Como dato curioso merece recordarse que Bermúdez de Castro utilizó con preferencia en sus poesías la octava de endecasílabos con rima aguda en los versos cuarto y octavo, hasta el punto de que, de él, tomaron el nombre de bermudinas.
A Salvador Bermúdez de Castro dedicó Valera unos párrafos muy sentidos en el prólogo de su Florilegio, lamentando que hubiera abandonado tan joven el cultivo de la literatura para dedicarse de lleno a la diplomacia y a la política. Y como dijo el poeta jerezano. “Bajo la copa del ciprés doliente / en mi pereza muelle descansado, / dejo el triste vaivén de lo presente, / busco el dulce solaz de lo pasado”.
Sobre Antonio Pérez
Antonio Pérez fue legitimado por Carlos I en 1542 como hijo de don Gonzalo Pérez, uno de los más prestigiosos secretarios del emperador y, posteriormente, de Felipe II, ya que el origen de su nacimiento quedaba bastante oscuro. Resulta muy probable que el citado Gonzalo Pérez fuese realmente quien lo engendrara durante la etapa en que ejerció como clérigo, como así puede deducirse de las reiteradas acusaciones de sus enemigos en tal sentido, que don Gonzalo siempre negó. Esta circunstancia empañó el origen de Antonio y determinaría su carácter de persona desconfiada y envidiosa y de político intrigante y ambicioso.
Legitimado ya el pequeño Antonio por el emperador, fue puesto bajo la custodia del portugués Rui Gómes de Silva, príncipe de Éboli, en cuya mansión fue criado y protegido por este noble hasta que se decide el inicio de su formación, cuando contaba los 12 años. La formación del niño se cuidó con esmero, ya que estudió en las más prestigiosas universidades europeas: Alcalá, Salamanca, Lovaina y Padua. La cultura italiana le influyó considerablemente, pues fue el país transalpino en donde pasó más tiempo.

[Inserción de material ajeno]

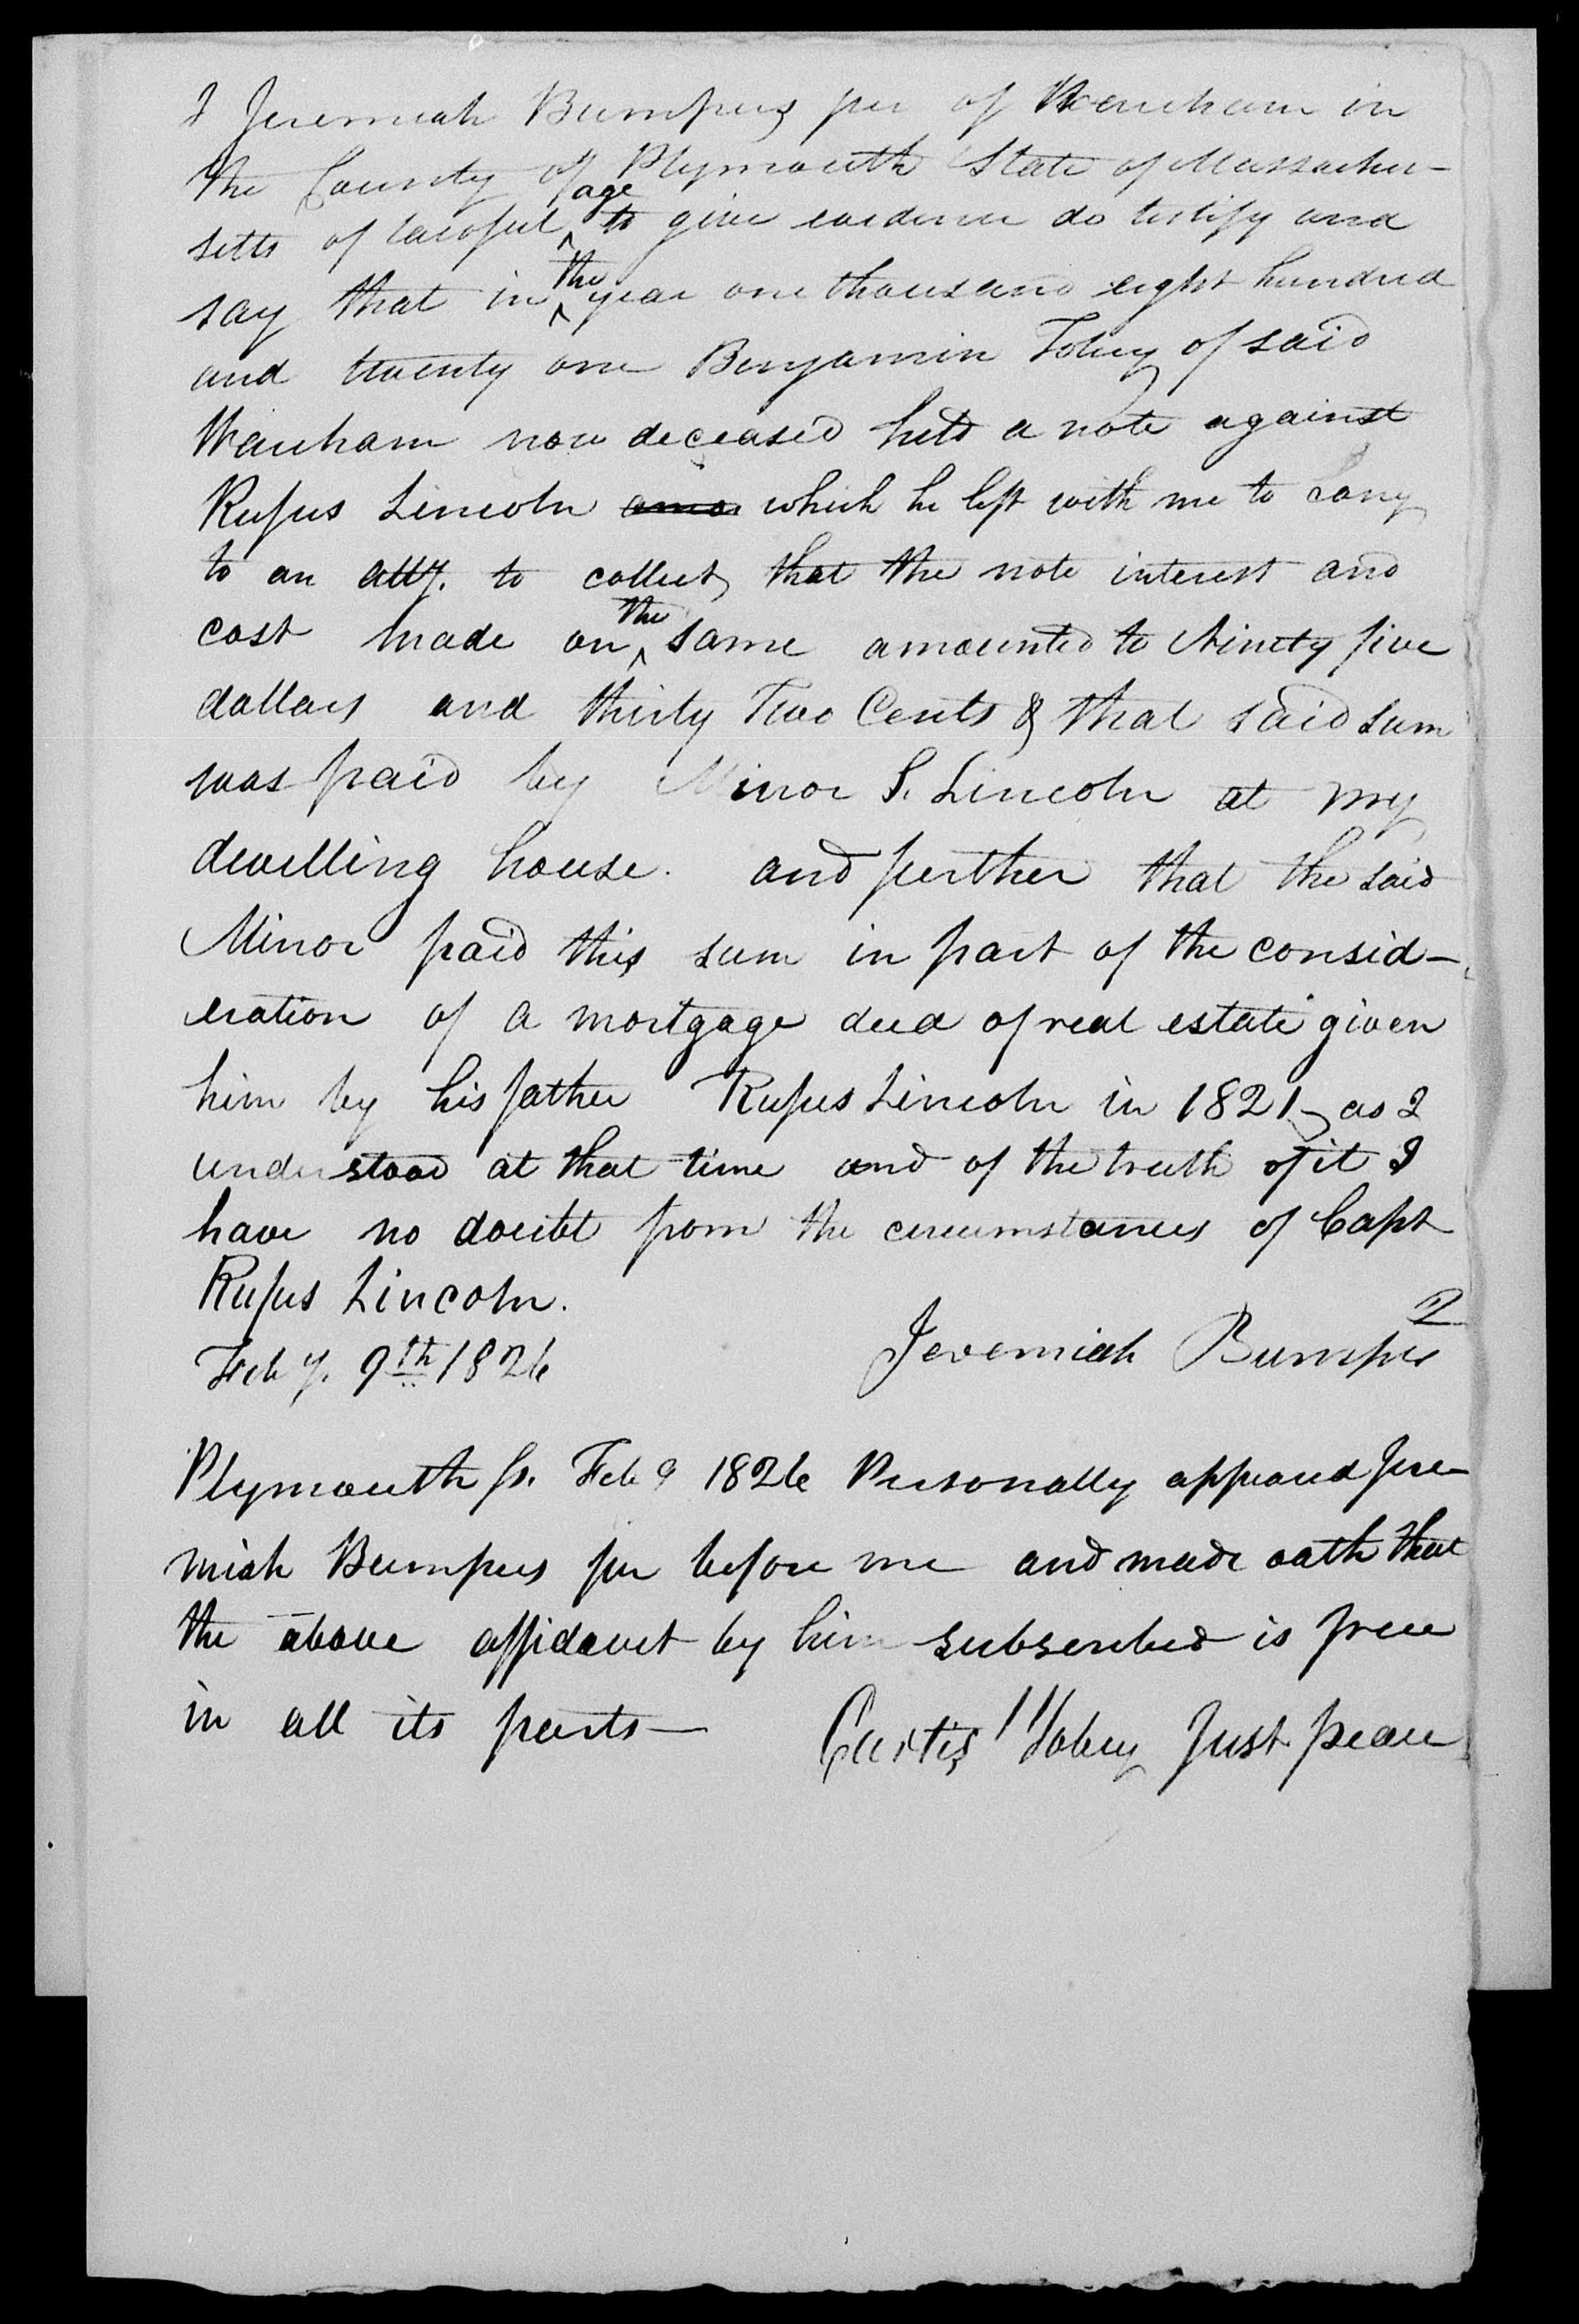I Jeremiah Bumpus per of Wareham in
the County of Plymouth State of Massachu
setts of lawful age to give evidence do testify and say that in the year one thousand eight hundred and twenty one Benjamin Tobey of said Wareham now deceased held a note against Rufus Lincoln which he left with me to carry to an Atty to collect that the note interest and cash made on the same amounted to Ninety five dollars and thirty two cents & that said sum was paid by Minor S. Lincoln at my
dwelling house. and further that the said
Minor paid this sum in part of the consideration of a Mortgage deed of real estate given him by his father Rufus Lincoln in 1821, as I understood at that time and of the truth of it I have no doubt from the circumstances of Capt Rufus Lincoln
Feby 9th 1826
Jeremiah Bumpus
Plymouth ss Feb 9 1826 
Personally appeared Jeremiah Bumpus per before me and made oath that the above affidavit by him subscribed is true in all its parts.
Curtis Tobey  Just Peace

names: Benjamin Tobey; Curtis Tobey; Jeremiah Bumpus; Minor S Lincoln; Rufus Lincoln
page: 75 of 82
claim: widow's
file: W. 13,634, for Rufus Lincoln, Massachusetts
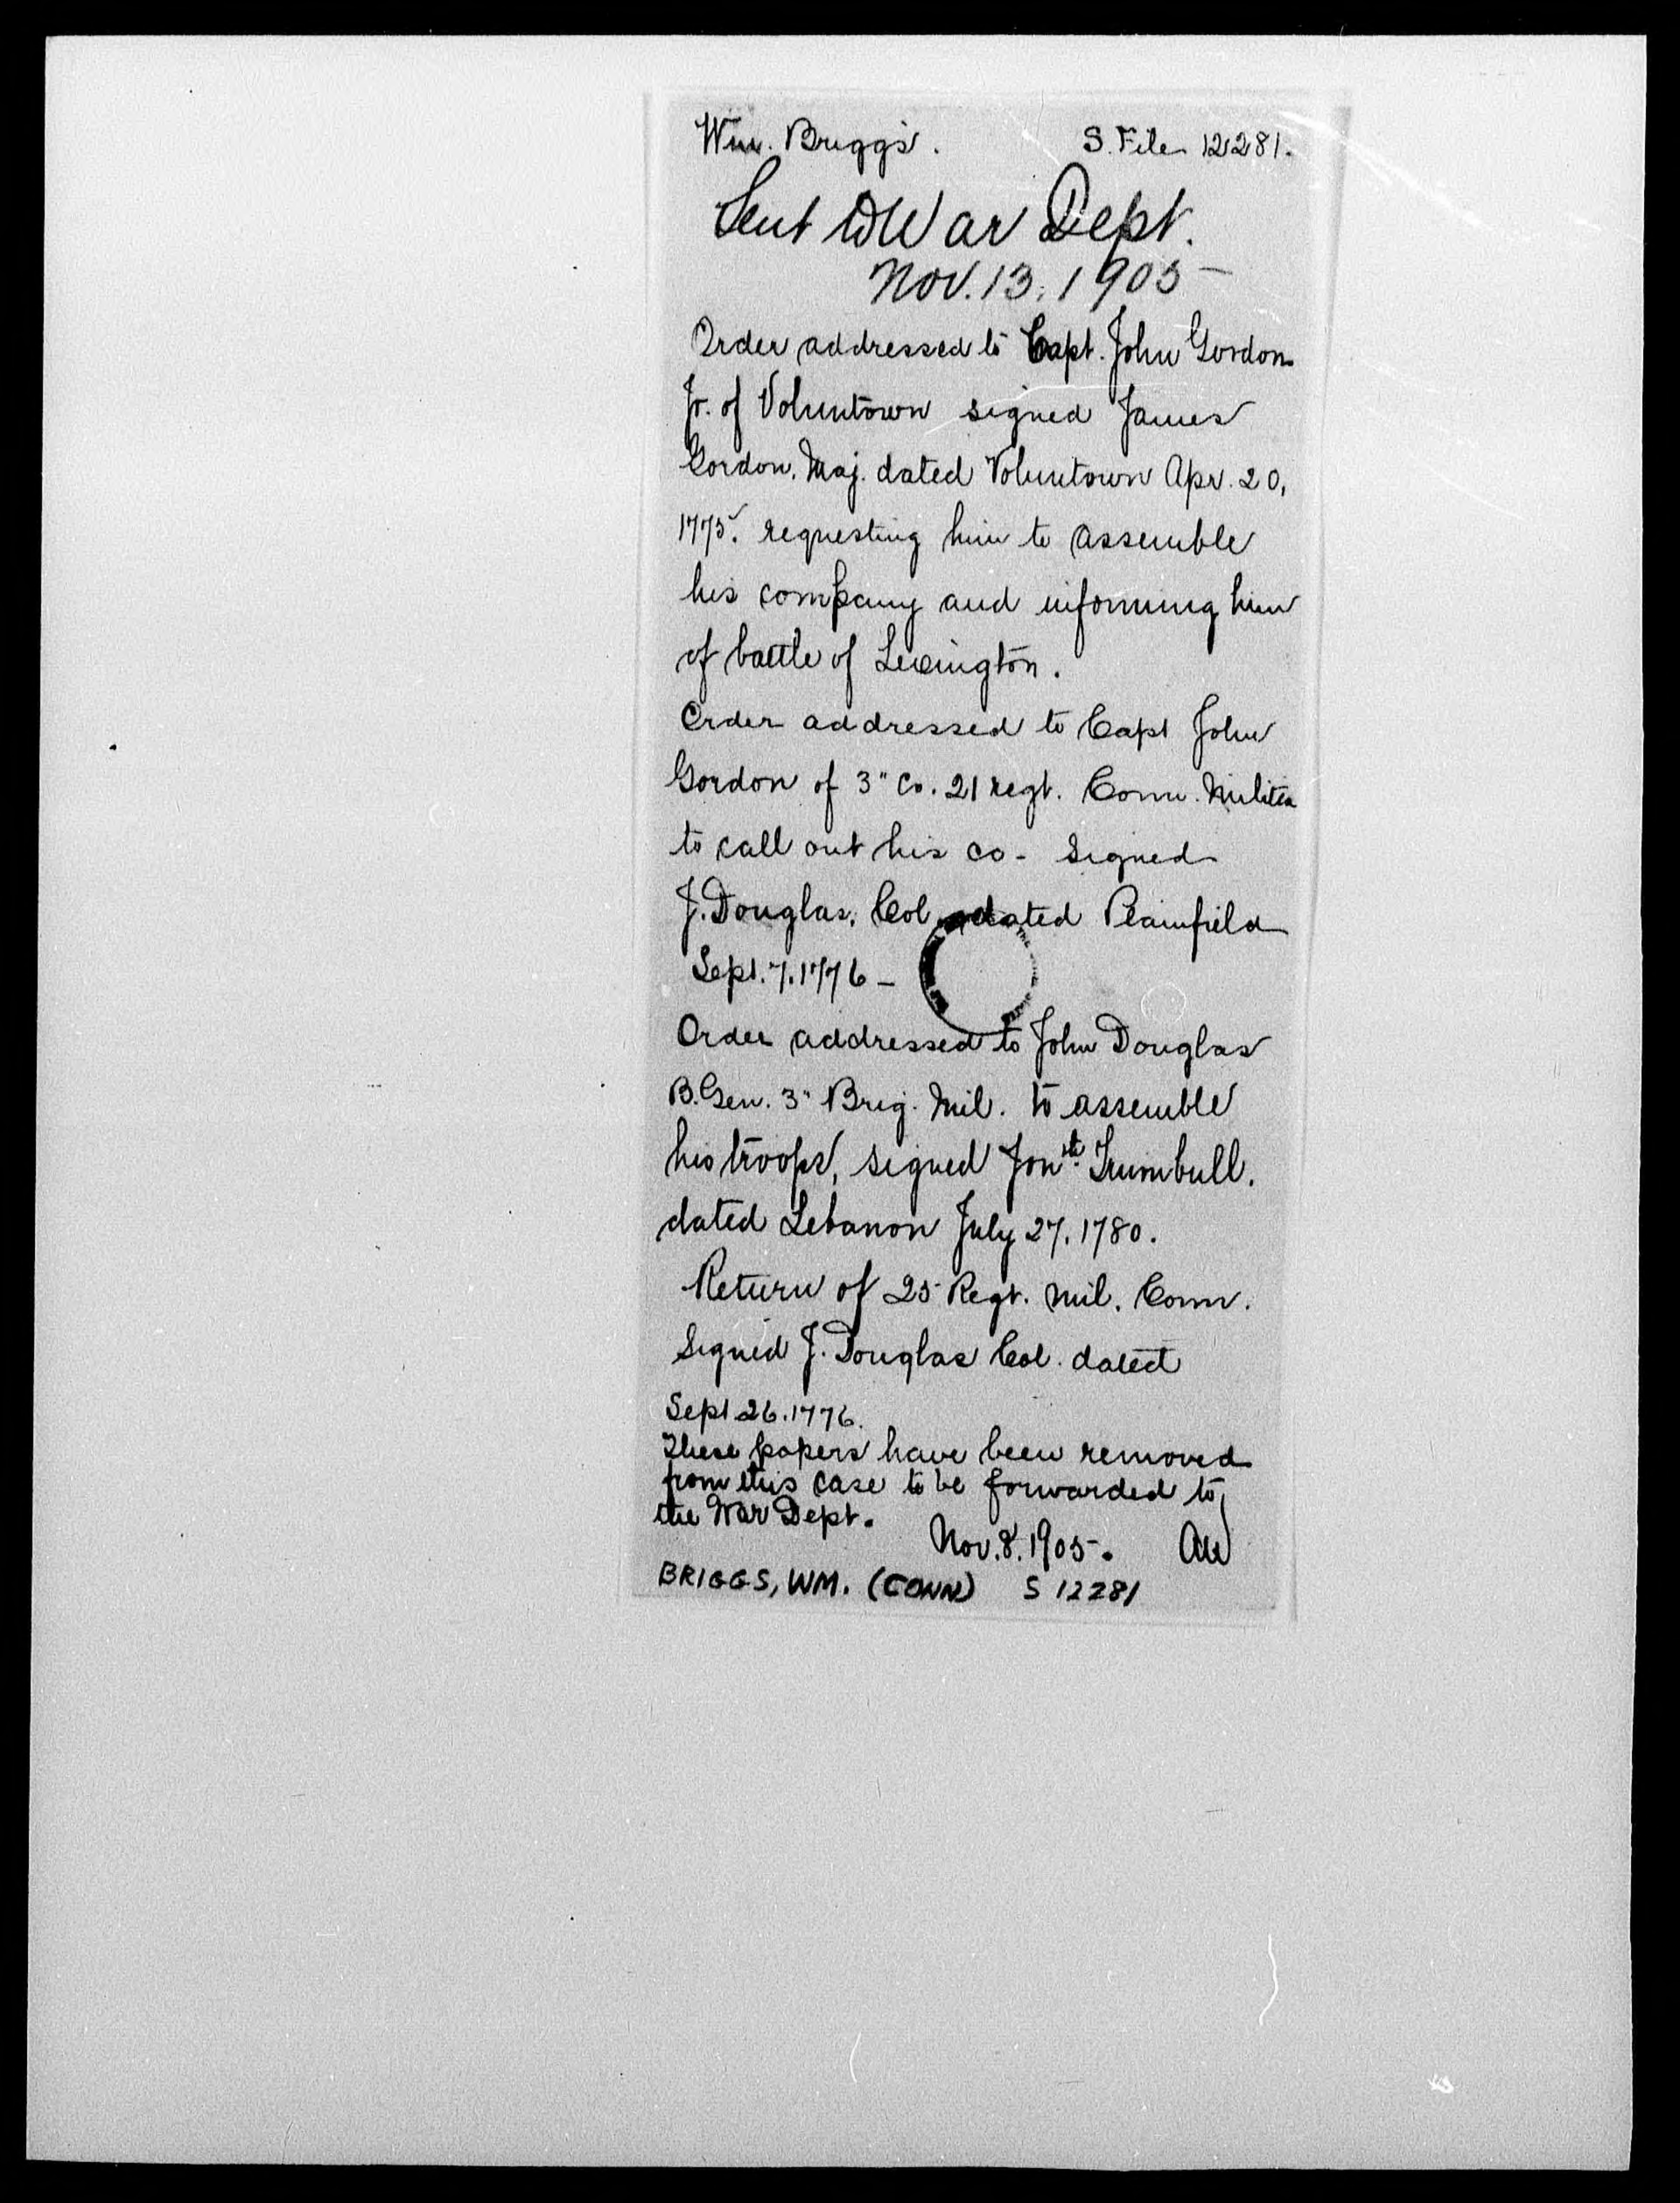Wm Briggs 
S. File 12281. 

Sent to War Dept. 
Nov. 13. 1905 

Order addressed to Capt. John Gordon Jr. of Voluntown signed James Gordon, Maj. dated Voluntown Apr. 20 1775 requesting him to assemble his company and informing him of battle of Lexington. 

Order addressed to Capt John Gordon of 3" Co. 21 regt. Conn. Militia to call out his co. signed J. Douglas Col dated Plainfield Sept. 1776. 

Order addressed to John Douglas B. Gen. 3" Brig. Mil. to assemble his troops, signed Jon Turnbull, dated Lebanon July 27, 1780. 

Return of 25 Regt Mill, Conn Signed J. Douglas Col dated Sept 26 1776. 

these papers have been removed from this case to be forwarded to the War Dept. 
Nov. 8, 1905.  AW

BRIGGS, WM. (C0NN)  S12281

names: J Douglas, John Gordon, John Douglas, J Douglas, Wm Briggs, James Gordon, Wm Briggs, John Gordon
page: 13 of 37
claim: survivor's
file: S. 12,281, William Briggs, Conn.

Su mentor, el príncipe de Éboli, le requirió para su traslado a la corte, donde iniciaría su formación política de mano de su padre, quien en ese momento desempeñaba el cargo de secretario del Consejo de Estado. A la muerte de don Gonzalo, en abril 1566, Antonio asumió la responsabilidad de la parte de la Italia española.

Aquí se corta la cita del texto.